# Task to carry out:
A stretch of the entries below is to be set down exactly, running from the line with "#3998 = PLANE" through the line with "#9503 = CARTESIAN_POINT", both included, and no other line.

Source data:
BEGIN

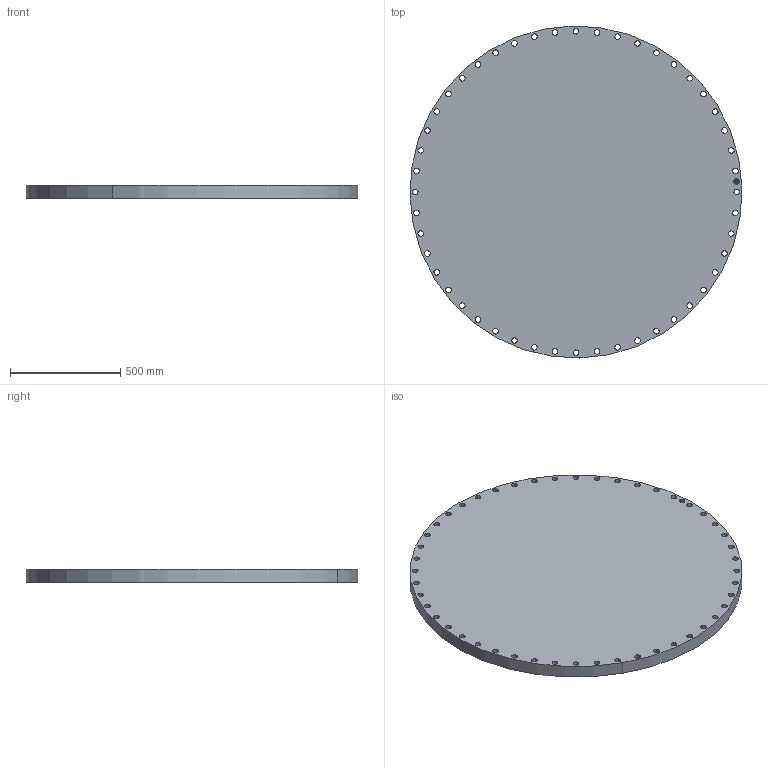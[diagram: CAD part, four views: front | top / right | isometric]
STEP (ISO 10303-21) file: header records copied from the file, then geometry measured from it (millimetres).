
FILE_DESCRIPTION(('3D STEP'),'2;1');
FILE_NAME('54-075-BLIND-RF-B-FLANGE.stp','2013-03-25T06:40:46+00:00',('Texas Flange'),(''),'CATIA Version 5 Release 20 SP 6 (IN-10)','CATIA V5 STEP AP214','800-826-3801');
FILE_SCHEMA(('AUTOMOTIVE_DESIGN { 1 0 10303 214 1 1 1 1 }'));
Length unit declared in the file: inch
Products named in the file (1): 54-075-BLIND-RF-B-FLANGE
Bounding box: 1507.83 x 1507.83 x 60.53 mm (x, y, z)
Volume: 106415482.7 mm3; surface area: 4036872.7 mm2
Topology: 1 solids, 1 shells, 488 faces, 1404 edges, 936 vertices
Faces by surface type: plane 368, cylinder 120
Entity records: 18077 total; most frequent: ORIENTED_EDGE 2808, CARTESIAN_POINT 2745, DIRECTION 2212, EDGE_CURVE 1404, VECTOR 1164, LINE 1164, VERTEX_POINT 936, AXIS2_PLACEMENT_3D 645
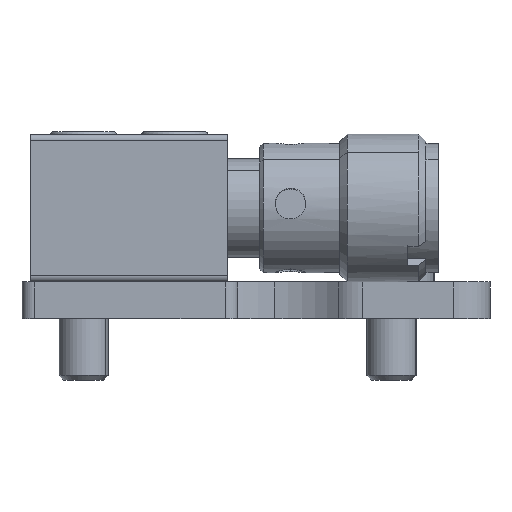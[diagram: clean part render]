
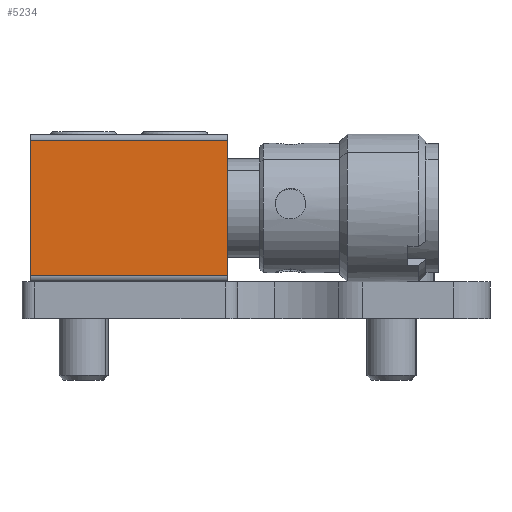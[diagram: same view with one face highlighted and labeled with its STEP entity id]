
A CAD part, left-side view. The second image highlights one B-rep face of the part: STEP entity #5234.
In plain terms, the highlighted planar face has unit normal (-1, 0, 0).
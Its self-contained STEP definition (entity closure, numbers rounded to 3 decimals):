
#125 = LINE ( 'NONE', #6063, #2523 ) ;
#253 = CARTESIAN_POINT ( 'NONE',  ( -48.85, 21.3, 0.5 ) ) ;
#888 = EDGE_CURVE ( 'NONE', #5305, #4261, #125, .T. ) ;
#1071 = AXIS2_PLACEMENT_3D ( 'NONE', #7518, #7419, #6559 ) ;
#1487 = ORIENTED_EDGE ( 'NONE', *, *, #8642, .F. ) ;
#1514 = EDGE_LOOP ( 'NONE', ( #1487, #9540, #5848, #4545 ) ) ;
#1609 = DIRECTION ( 'NONE',  ( 0., 0., -1. ) ) ;
#1994 = LINE ( 'NONE', #7971, #10064 ) ;
#2202 = VERTEX_POINT ( 'NONE', #6425 ) ;
#2319 = FACE_OUTER_BOUND ( 'NONE', #1514, .T. ) ;
#2523 = VECTOR ( 'NONE', #1609, 1000. ) ;
#3085 = CARTESIAN_POINT ( 'NONE',  ( -48.85, 21.3, 11.5 ) ) ;
#3424 = EDGE_CURVE ( 'NONE', #5305, #9260, #7749, .T. ) ;
#3523 = DIRECTION ( 'NONE',  ( 0., 1., 0. ) ) ;
#3980 = CARTESIAN_POINT ( 'NONE',  ( -48.85, 37.3, 0.5 ) ) ;
#3998 = PLANE ( 'NONE',  #1071 ) ;
#4261 = VERTEX_POINT ( 'NONE', #3980 ) ;
#4531 = DIRECTION ( 'NONE',  ( 0., -1., 0. ) ) ;
#4545 = ORIENTED_EDGE ( 'NONE', *, *, #888, .T. ) ;
#5234 = ADVANCED_FACE ( 'NONE', ( #2319 ), #3998, .F. ) ;
#5269 = EDGE_CURVE ( 'NONE', #9260, #2202, #10519, .T. ) ;
#5305 = VERTEX_POINT ( 'NONE', #10576 ) ;
#5848 = ORIENTED_EDGE ( 'NONE', *, *, #3424, .F. ) ;
#6063 = CARTESIAN_POINT ( 'NONE',  ( -48.85, 37.3, 0.5 ) ) ;
#6425 = CARTESIAN_POINT ( 'NONE',  ( -48.85, 21.3, 0.5 ) ) ;
#6559 = DIRECTION ( 'NONE',  ( 0., 0., 1. ) ) ;
#6991 = DIRECTION ( 'NONE',  ( 0., 0., -1. ) ) ;
#7218 = VECTOR ( 'NONE', #4531, 1000. ) ;
#7419 = DIRECTION ( 'NONE',  ( 1., 0., 0. ) ) ;
#7518 = CARTESIAN_POINT ( 'NONE',  ( -48.85, 21.3, 11.5 ) ) ;
#7749 = LINE ( 'NONE', #9503, #7218 ) ;
#7971 = CARTESIAN_POINT ( 'NONE',  ( -48.85, 21.3, 0.5 ) ) ;
#8010 = VECTOR ( 'NONE', #6991, 1000. ) ;
#8642 = EDGE_CURVE ( 'NONE', #2202, #4261, #1994, .T. ) ;
#9260 = VERTEX_POINT ( 'NONE', #3085 ) ;
#9503 = CARTESIAN_POINT ( 'NONE',  ( -48.85, 21.3, 11.5 ) ) ;
#9540 = ORIENTED_EDGE ( 'NONE', *, *, #5269, .F. ) ;
#10064 = VECTOR ( 'NONE', #3523, 1000. ) ;
#10519 = LINE ( 'NONE', #253, #8010 ) ;
#10576 = CARTESIAN_POINT ( 'NONE',  ( -48.85, 37.3, 11.5 ) ) ;
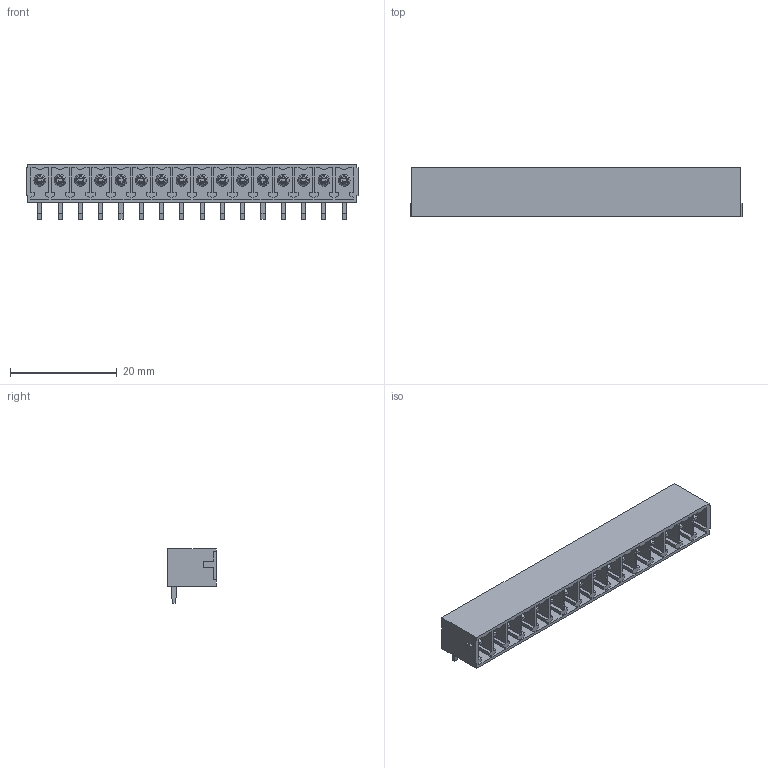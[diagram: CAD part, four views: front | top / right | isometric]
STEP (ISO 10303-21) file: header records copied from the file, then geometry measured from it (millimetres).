
FILE_DESCRIPTION(('CATIA V5 STEP Exchange','CAx-IF Rec.Pracs.--- Model Styling and Organization---1.2---2011-12-15'),'2;1');
FILE_NAME ('D1447421_0', '2018-10-15T09:46:56+00:00', ('none'), ('Weidmueller'), 'CATIA Version 5-6 Release 2014', 'CATIA V5 STEP AP214', 'none');
FILE_SCHEMA(('AUTOMOTIVE_DESIGN { 1 0 10303 214 1 1 1 1 }'));
Length unit declared in the file: millimetre
Products named in the file (1): 1037650000
Bounding box: 62.35 x 9.2 x 10.3 mm (x, y, z)
Volume: 1712.6 mm3; surface area: 5836.3 mm2
Topology: 17 solids, 17 shells, 1042 faces, 2896 edges, 1920 vertices
Faces by surface type: plane 922, cylinder 56, cone 32, torus 32
Entity records: 30671 total; most frequent: ORIENTED_EDGE 5792, CARTESIAN_POINT 5461, DIRECTION 4184, EDGE_CURVE 2896, VECTOR 2656, LINE 2656, VERTEX_POINT 1920, EDGE_LOOP 1106
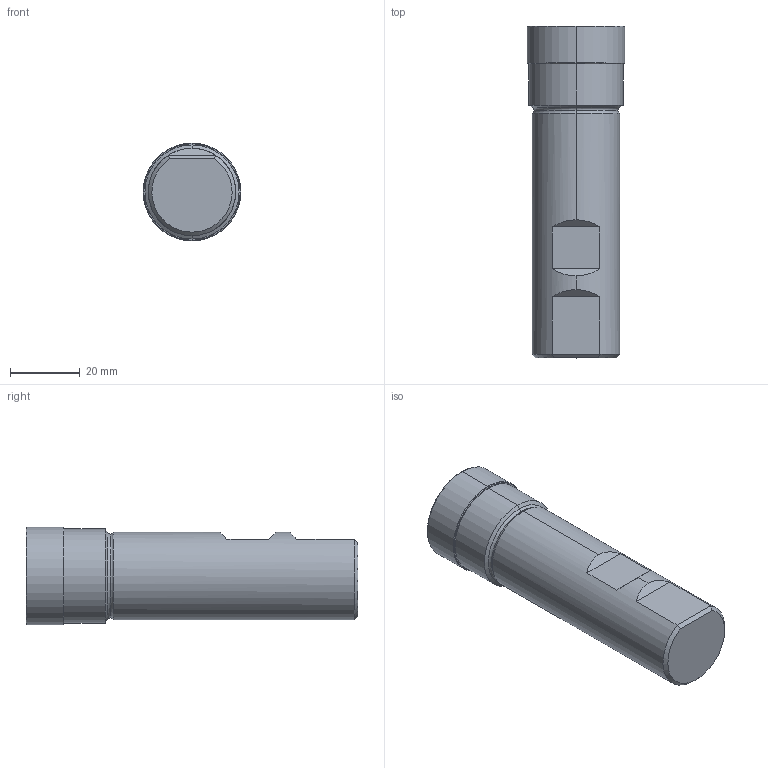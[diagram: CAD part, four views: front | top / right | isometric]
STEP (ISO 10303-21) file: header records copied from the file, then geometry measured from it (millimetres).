
FILE_DESCRIPTION (( 'STEP AP214' ), '1' );
FILE_NAME ('740W W D28-4.step', '2018-10-09T11:23:04', ( '' ), ( '' ), 'SwSTEP 2.0', 'SolidWorks 2016', '' );
FILE_SCHEMA (( 'AUTOMOTIVE_DESIGN' ));
Length unit declared in the file: millimetre
Products named in the file (1): 740W W D28-4
Bounding box: 28 x 95 x 28 mm (x, y, z)
Volume: 47985.4 mm3; surface area: 8797.4 mm2
Topology: 1 solids, 1 shells, 31 faces, 65 edges, 36 vertices
Faces by surface type: torus 8, cylinder 8, plane 8, cone 7
Entity records: 852 total; most frequent: CARTESIAN_POINT 157, DIRECTION 154, ORIENTED_EDGE 130, EDGE_CURVE 65, AXIS2_PLACEMENT_3D 65, VERTEX_POINT 36, CIRCLE 33, EDGE_LOOP 31
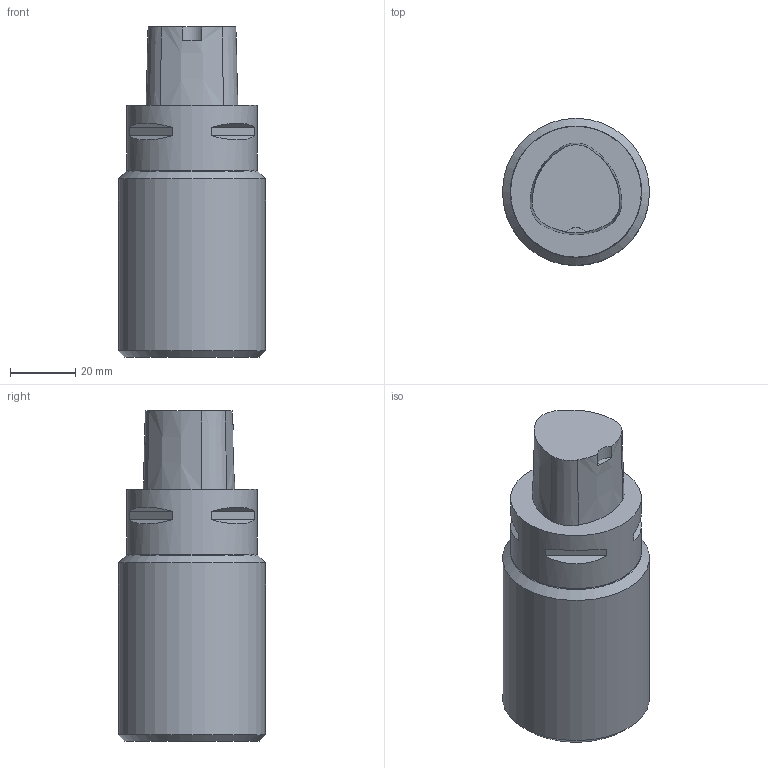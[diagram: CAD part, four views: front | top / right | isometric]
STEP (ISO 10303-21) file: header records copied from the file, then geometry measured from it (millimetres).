
FILE_DESCRIPTION(/* description */ (''),/* implementation_level */ '2;1');
FILE_NAME(/* name */ '7504_2_3d.stp',/* time_stamp */ '2017-02-05T13:57:30+01:00',/* author */ (''),/* organization */ ('SMS'),/* preprocessor_version */ 'ST-DEVELOPER v15',/* originating_system */ 'SIEMENS PLM Software NX 8.5',/* authorisation */ '');
FILE_SCHEMA (('AUTOMOTIVE_DESIGN { 1 0 10303 214 3 1 1 1 }'));
Length unit declared in the file: millimetre
Products named in the file (1): 7504_2_3D
Bounding box: 45 x 45 x 101 mm (x, y, z)
Volume: 128579 mm3; surface area: 15511.3 mm2
Topology: 1 solids, 1 shells, 28 faces, 60 edges, 39 vertices
Faces by surface type: plane 16, cone 8, cylinder 3, torus 1
Full cylindrical faces by diameter (mm): 40 x1, 45 x1
Entity records: 789 total; most frequent: DIRECTION 146, CARTESIAN_POINT 130, ORIENTED_EDGE 108, AXIS2_PLACEMENT_3D 62, EDGE_CURVE 54, EDGE_LOOP 38, VERTEX_POINT 38, ADVANCED_FACE 28

END

# Solution to the exercise:
#3998 = PLANE ( 'NONE',  #1071 ) ;
#4261 = VERTEX_POINT ( 'NONE', #3980 ) ;
#4531 = DIRECTION ( 'NONE',  ( 0., -1., 0. ) ) ;
#4545 = ORIENTED_EDGE ( 'NONE', *, *, #888, .T. ) ;
#5234 = ADVANCED_FACE ( 'NONE', ( #2319 ), #3998, .F. ) ;
#5269 = EDGE_CURVE ( 'NONE', #9260, #2202, #10519, .T. ) ;
#5305 = VERTEX_POINT ( 'NONE', #10576 ) ;
#5848 = ORIENTED_EDGE ( 'NONE', *, *, #3424, .F. ) ;
#6063 = CARTESIAN_POINT ( 'NONE',  ( -48.85, 37.3, 0.5 ) ) ;
#6425 = CARTESIAN_POINT ( 'NONE',  ( -48.85, 21.3, 0.5 ) ) ;
#6559 = DIRECTION ( 'NONE',  ( 0., 0., 1. ) ) ;
#6991 = DIRECTION ( 'NONE',  ( 0., 0., -1. ) ) ;
#7218 = VECTOR ( 'NONE', #4531, 1000. ) ;
#7419 = DIRECTION ( 'NONE',  ( 1., 0., 0. ) ) ;
#7518 = CARTESIAN_POINT ( 'NONE',  ( -48.85, 21.3, 11.5 ) ) ;
#7749 = LINE ( 'NONE', #9503, #7218 ) ;
#7971 = CARTESIAN_POINT ( 'NONE',  ( -48.85, 21.3, 0.5 ) ) ;
#8010 = VECTOR ( 'NONE', #6991, 1000. ) ;
#8642 = EDGE_CURVE ( 'NONE', #2202, #4261, #1994, .T. ) ;
#9260 = VERTEX_POINT ( 'NONE', #3085 ) ;
#9503 = CARTESIAN_POINT ( 'NONE',  ( -48.85, 21.3, 11.5 ) ) ;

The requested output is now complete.